= Tommy Tang =

Thai chef

Tommy Tang is a Thai-born chef and television personality well known for his PBS series of cooking shows.

==Life and career==
Born in Bangkok, Tang was the eldest son in a family of 12 children. Leaving school at eleven to help support his family, Tang held a succession of jobs that included a floor-fan cleaner, welder, construction worker, busboy, wheelbarrow maker, boxer, auto mechanic, tennis teacher and drummer. During that time, Tang learned to cook alongside his father in the family restaurant in Bangkok's Grand Central.

After emigrating to the U.S., Tang took a day job as chef and manager at a small Thai restaurant in Hollywood, California. In 1982, Tang opened his own restaurant in the Melrose Avenue section of West Hollywood. In 1986, Tang opened another restaurant in the TriBeCa neighborhood of New York City. In 1994, Tang opened a third restaurant in Pasadena, California. All of the restaurants have been closed for almost 25 years.
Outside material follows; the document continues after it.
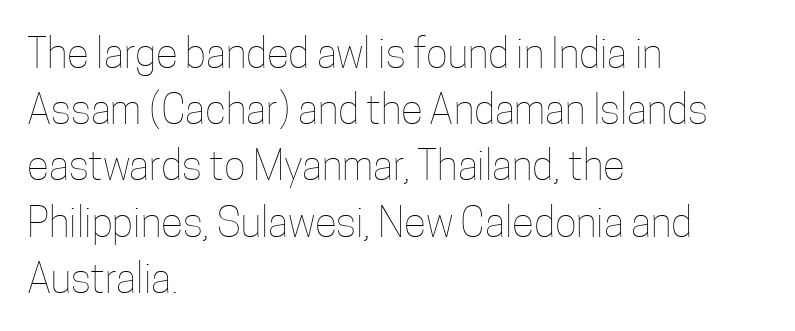
The image shows 41 px thin, condensed type, upright; set left-aligned, normal line spacing (1.37x), normal letter spacing, not underlined; low stroke contrast and a medium x-height.

Tang produces a Cooking & Travel Series for PBS. It has almost 200 shows since it started airing in 1994.

His first cookbook, Modern Thai Cuisine, was released in 1991. It was largely hailed as being the book that "demystified" the art of preparing Modern Thai Cuisine and eventually went into eight printings. His second cookbook, Noodles & Rice and Something Nice, was equally successful.

He also continues to oversee the Tsunami Children's Foundation he founded in 2005.